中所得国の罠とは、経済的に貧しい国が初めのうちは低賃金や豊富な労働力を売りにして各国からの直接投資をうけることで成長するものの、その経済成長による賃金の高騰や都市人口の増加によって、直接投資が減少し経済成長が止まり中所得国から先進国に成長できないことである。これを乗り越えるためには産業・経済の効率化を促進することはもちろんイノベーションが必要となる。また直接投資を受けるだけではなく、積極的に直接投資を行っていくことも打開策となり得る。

---

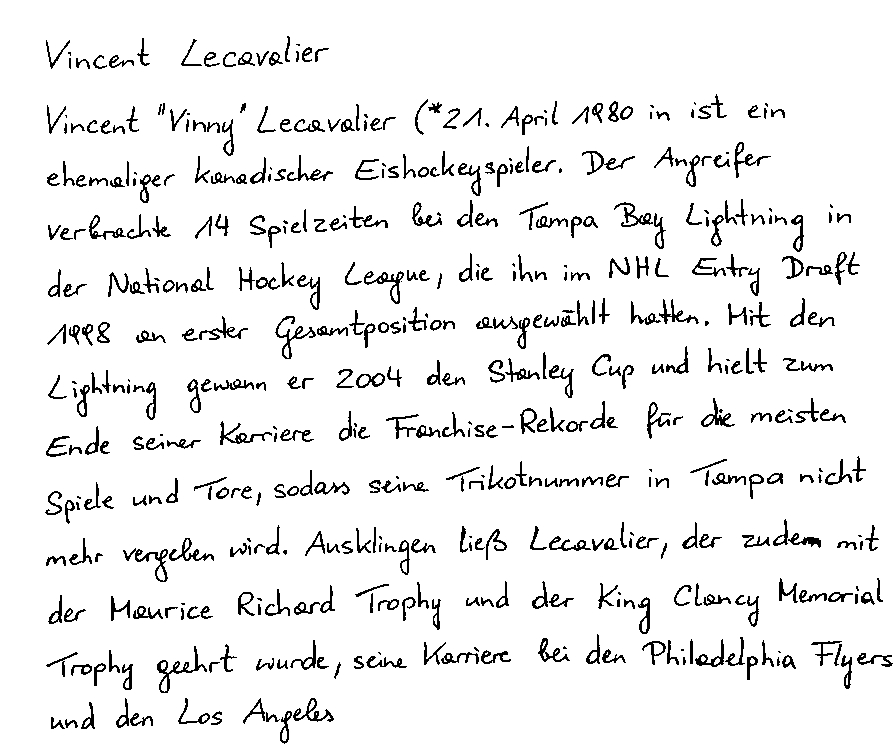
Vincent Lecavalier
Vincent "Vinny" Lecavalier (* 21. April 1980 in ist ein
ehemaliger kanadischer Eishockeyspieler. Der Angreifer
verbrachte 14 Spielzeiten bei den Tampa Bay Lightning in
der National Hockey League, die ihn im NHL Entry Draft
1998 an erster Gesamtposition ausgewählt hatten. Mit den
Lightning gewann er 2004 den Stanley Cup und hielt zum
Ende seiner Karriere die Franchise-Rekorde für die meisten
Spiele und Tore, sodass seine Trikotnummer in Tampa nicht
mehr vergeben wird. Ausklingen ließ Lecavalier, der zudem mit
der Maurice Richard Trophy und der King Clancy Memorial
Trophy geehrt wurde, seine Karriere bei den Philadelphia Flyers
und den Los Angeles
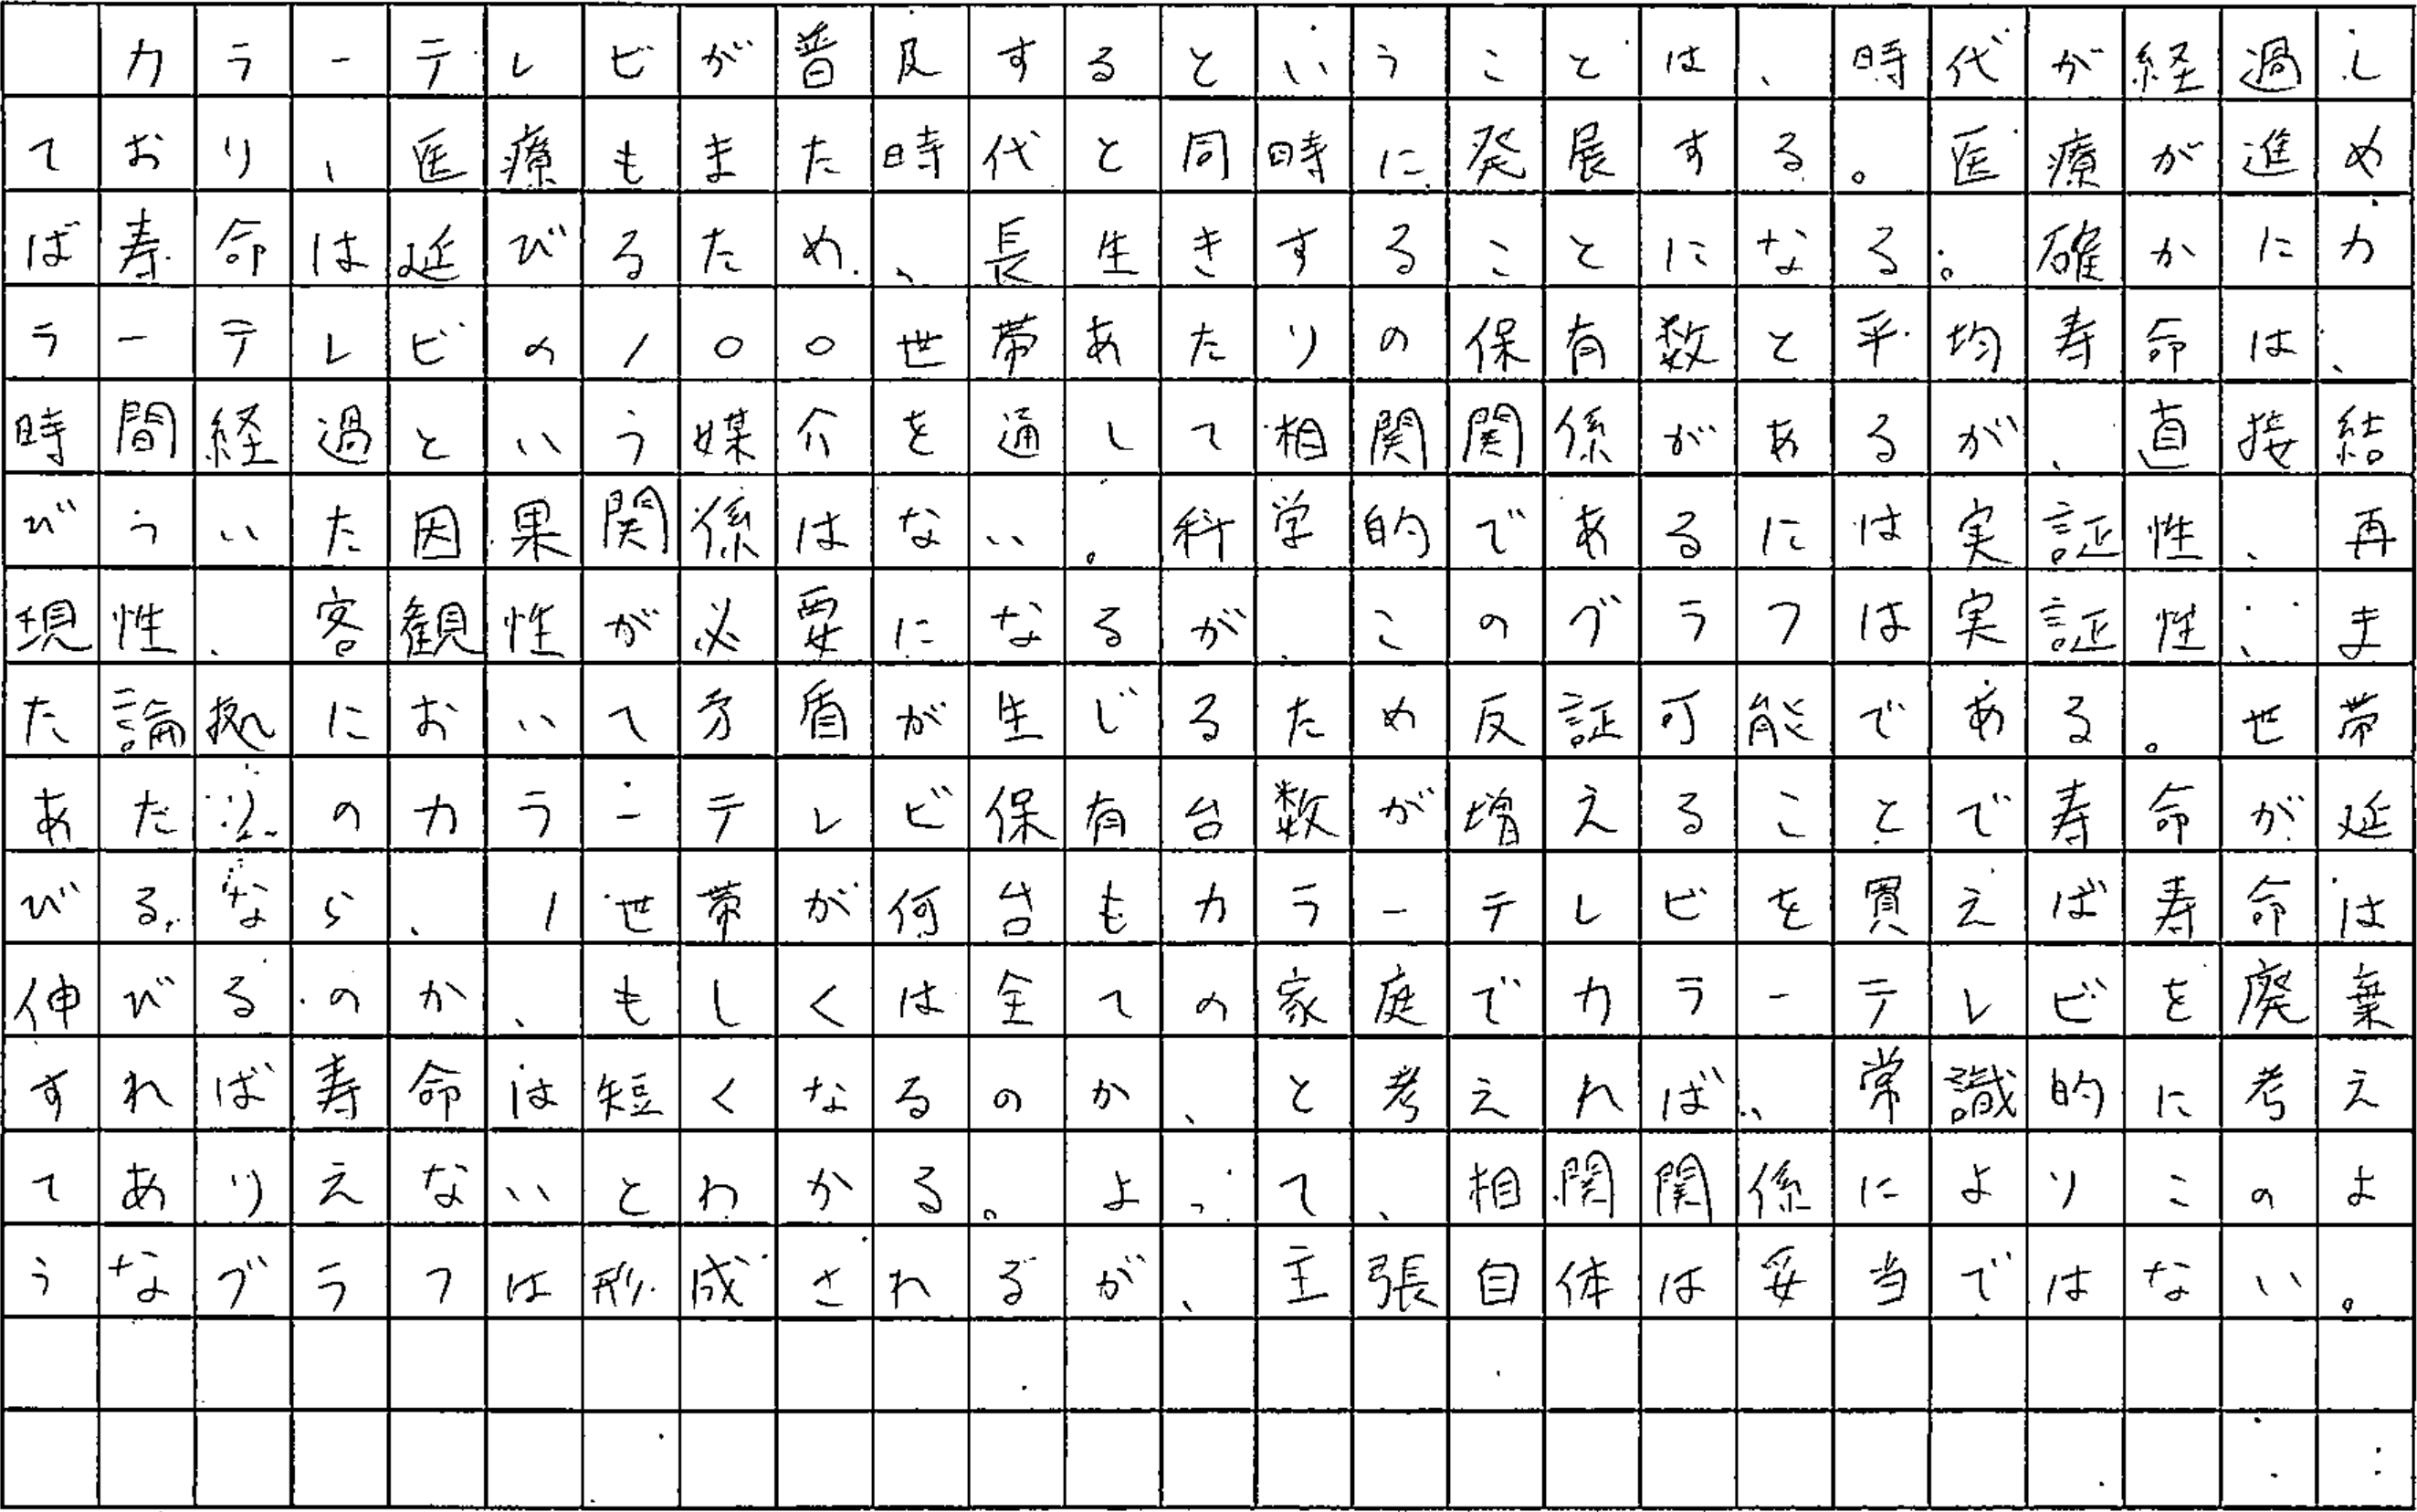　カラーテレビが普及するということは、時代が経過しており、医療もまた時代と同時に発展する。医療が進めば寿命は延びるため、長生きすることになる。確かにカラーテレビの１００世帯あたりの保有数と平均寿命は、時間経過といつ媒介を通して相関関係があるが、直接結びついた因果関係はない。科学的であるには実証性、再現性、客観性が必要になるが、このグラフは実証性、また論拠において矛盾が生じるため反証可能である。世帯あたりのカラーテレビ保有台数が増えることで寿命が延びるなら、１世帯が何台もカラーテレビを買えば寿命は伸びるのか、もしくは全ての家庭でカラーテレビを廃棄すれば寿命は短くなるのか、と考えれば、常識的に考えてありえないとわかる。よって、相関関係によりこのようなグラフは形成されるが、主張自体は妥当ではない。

--

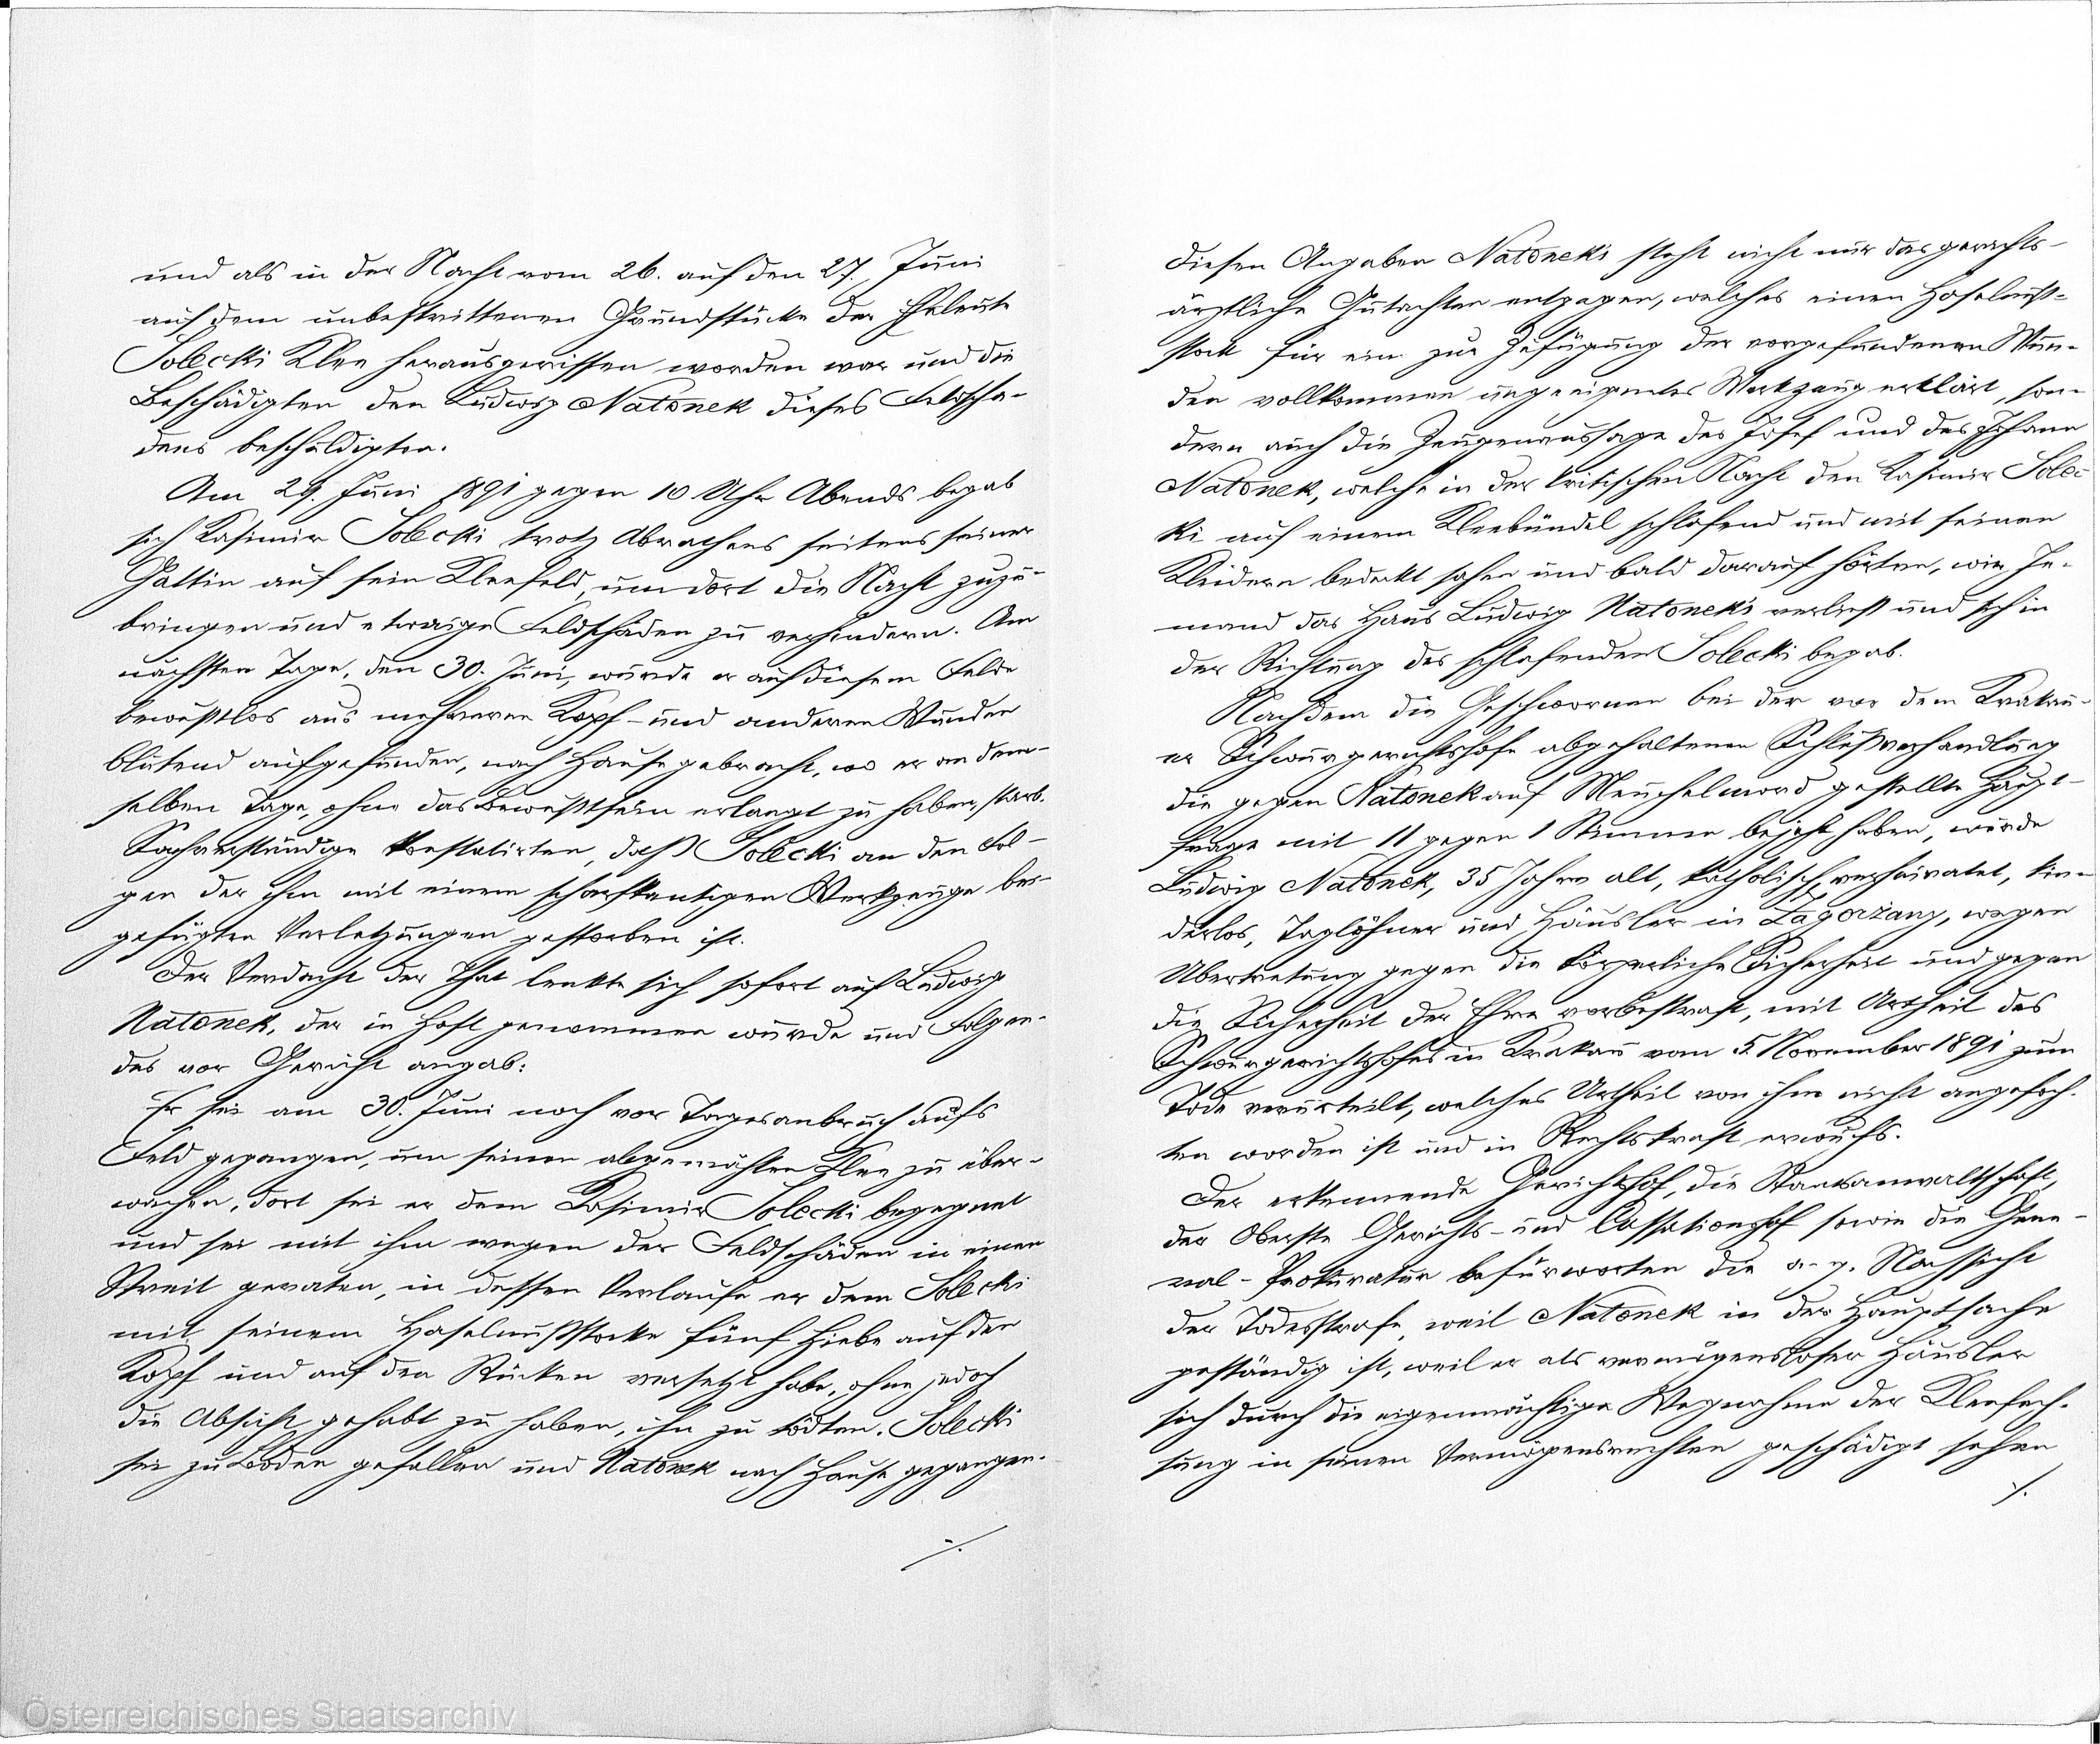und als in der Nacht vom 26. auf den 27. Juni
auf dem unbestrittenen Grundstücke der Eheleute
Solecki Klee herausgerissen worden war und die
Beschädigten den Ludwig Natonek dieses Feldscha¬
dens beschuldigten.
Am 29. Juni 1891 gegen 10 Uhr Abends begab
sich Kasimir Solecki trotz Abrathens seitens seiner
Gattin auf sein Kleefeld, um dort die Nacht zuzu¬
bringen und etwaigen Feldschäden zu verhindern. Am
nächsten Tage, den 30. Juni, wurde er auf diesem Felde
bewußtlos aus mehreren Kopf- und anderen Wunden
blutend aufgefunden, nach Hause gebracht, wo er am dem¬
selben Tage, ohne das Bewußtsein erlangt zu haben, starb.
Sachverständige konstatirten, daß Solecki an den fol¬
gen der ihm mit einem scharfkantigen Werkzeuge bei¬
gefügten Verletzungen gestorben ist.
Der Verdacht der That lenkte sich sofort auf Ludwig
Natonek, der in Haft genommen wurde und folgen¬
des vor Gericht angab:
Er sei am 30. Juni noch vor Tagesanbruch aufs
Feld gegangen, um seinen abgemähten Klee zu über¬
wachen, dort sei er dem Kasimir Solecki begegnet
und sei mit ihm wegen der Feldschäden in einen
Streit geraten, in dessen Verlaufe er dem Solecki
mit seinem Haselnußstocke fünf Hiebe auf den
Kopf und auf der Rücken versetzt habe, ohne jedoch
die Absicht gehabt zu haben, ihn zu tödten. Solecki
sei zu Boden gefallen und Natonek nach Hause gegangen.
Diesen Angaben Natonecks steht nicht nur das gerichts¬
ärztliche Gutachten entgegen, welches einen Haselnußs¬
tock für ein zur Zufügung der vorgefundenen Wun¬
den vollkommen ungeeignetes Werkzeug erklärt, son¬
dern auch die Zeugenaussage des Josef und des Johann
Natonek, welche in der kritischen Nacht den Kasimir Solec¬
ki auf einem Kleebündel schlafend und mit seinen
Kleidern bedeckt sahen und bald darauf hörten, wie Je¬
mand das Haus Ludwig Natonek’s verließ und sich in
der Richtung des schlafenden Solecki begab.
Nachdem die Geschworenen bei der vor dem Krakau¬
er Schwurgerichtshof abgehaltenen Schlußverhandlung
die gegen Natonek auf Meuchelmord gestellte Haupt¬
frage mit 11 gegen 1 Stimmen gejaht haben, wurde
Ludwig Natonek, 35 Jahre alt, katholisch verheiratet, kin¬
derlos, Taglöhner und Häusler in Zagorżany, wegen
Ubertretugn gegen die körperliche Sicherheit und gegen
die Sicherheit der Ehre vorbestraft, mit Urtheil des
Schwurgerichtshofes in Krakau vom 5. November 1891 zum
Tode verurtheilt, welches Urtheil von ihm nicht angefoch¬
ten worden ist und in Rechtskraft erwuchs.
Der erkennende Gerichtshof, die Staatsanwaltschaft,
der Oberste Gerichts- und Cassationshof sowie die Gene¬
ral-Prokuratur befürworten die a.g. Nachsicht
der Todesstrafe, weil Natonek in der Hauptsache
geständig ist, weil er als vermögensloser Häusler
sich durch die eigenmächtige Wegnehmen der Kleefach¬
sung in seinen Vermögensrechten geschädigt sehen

§ Aim of the task
Each line of the records that holds the word "Kopf" should be copied out.

§ Written answer
bewußtlos aus mehreren Kopf- und anderen Wunden
Kopf und auf der Rücken versetzt habe, ohne jedoch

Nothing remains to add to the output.